We started Delayed Intensification today, the last phase of active treatment before Charlotte is in Maintenance. This is supposed to be the hardest phase of Charlotte's treatment. We have basically written off October and November.
The first month is quite different then the second. Right now we are scheduled to be in twice next week (Tuesday and Friday), and then the following Friday (the 19th). This month she gets Vincristine, Doxorubicin, PEG-asparaginase (3 chemo drugs given through IV, all she has had before), IT Methotrexate (given through lumbar puncture) and Dexamethasone (the steroid which gives us Carlotta - Charlotte's hulk like alter-ego).
Next month she will again get Vincristine, PEG-asparaginase and IT Methotrexate. In addition, she will get Cytarabine (which she has had before) and two new chemo drugs, Cyclophosphamide (given by IV - and by reading things, doesn't sound very pleasant) and Thioguanine (an oral drug given at home).
She will lose her hair again this phase, will likely require some blood transfusions, and will have the usual symptoms, nausea being the biggest.
She handled this morning's lumbar puncture really well - my little trooper. She also had the Vincristine and Doxorubicin. We were only at the hospital for a couple hours. We had a quick stop at my Mom's for lunch and a little playtime, and were home for naps. She awoke from her nap screaming. I couldn't calm her or find out what was bothering her. I gave her some gravol (it was too early for her next dose of her anti-nausea medicine) and that seemed to do the trick for her. She is now curled up in front of the telly. Welcome to Delayed Intensification.
I am tired. sad. frustrated. Yesterday wasn't a good day. I've applied for sick leave from work, and yesterday had a call with the disability management person. She was not very nice. I don't think I have ever been treated with such obvious contempt. I'm still upset over it. I'm doing my best to put on my 'mom face'. I feel like a weathered away statue. I know I'm strong, I've been through a lot. But I feel like the storm just keeps getting stronger and I can no longer recognize myself. Like one hard hit will shatter me down the middle.
"Give sorrow words; the grief that does not speak whispers the oe'r fraught heart, and bids it break." - Shakespeare
It's days like this I just lean on Stefan a little more. It's likely I'm just due for a couple good crys. Sorry- remember - cancer blog - you get it all.

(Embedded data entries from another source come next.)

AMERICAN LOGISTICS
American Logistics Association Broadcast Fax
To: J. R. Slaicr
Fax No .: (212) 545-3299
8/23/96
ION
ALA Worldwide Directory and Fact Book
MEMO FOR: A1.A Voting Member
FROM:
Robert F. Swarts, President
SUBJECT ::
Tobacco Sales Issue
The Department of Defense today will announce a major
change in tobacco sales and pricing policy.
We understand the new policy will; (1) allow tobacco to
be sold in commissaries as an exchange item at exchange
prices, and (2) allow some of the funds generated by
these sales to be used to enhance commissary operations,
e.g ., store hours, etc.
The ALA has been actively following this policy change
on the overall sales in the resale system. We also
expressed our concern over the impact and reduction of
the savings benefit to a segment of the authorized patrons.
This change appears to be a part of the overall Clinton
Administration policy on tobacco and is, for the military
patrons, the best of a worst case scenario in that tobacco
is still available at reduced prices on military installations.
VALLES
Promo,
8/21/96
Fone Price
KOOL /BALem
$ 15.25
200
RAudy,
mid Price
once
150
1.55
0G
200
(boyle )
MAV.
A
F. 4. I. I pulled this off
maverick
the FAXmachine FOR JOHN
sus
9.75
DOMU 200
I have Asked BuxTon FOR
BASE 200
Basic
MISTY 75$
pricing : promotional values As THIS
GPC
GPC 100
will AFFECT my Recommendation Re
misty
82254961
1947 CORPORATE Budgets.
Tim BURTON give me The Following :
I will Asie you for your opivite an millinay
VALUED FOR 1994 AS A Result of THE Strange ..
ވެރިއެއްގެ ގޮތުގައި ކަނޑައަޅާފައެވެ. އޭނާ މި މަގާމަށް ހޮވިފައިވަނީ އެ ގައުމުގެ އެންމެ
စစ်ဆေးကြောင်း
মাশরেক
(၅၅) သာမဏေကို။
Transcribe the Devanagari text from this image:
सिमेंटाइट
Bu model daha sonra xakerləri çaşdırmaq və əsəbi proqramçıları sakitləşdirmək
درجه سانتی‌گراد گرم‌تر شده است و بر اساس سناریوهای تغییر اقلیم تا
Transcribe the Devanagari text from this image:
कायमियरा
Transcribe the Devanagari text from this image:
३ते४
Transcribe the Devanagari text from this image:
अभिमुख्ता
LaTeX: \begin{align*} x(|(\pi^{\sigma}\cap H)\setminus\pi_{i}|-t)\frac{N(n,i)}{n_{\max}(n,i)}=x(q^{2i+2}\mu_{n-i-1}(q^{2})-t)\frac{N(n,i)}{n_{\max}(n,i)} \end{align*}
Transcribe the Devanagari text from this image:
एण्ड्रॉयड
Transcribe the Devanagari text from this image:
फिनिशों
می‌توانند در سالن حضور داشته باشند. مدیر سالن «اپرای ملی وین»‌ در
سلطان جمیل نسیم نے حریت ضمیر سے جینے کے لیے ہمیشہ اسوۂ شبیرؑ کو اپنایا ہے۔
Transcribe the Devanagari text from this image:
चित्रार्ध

*Follow-up: I wrote the above a few hours ago. Since then, Charlotte had her anti-nausea medicine and perked back up, and was her silly crazy self. She was being so silly, I asked her if she was on drugs, she said 'yes'. We went for a family walk which always helps. I'm now sitting down with my hubby and a blizzard about to watch glee, so feeling a bit better.
I hope everyone has a great thanksgiving - hug your loved ones, and enjoy your turkey dinner! I will!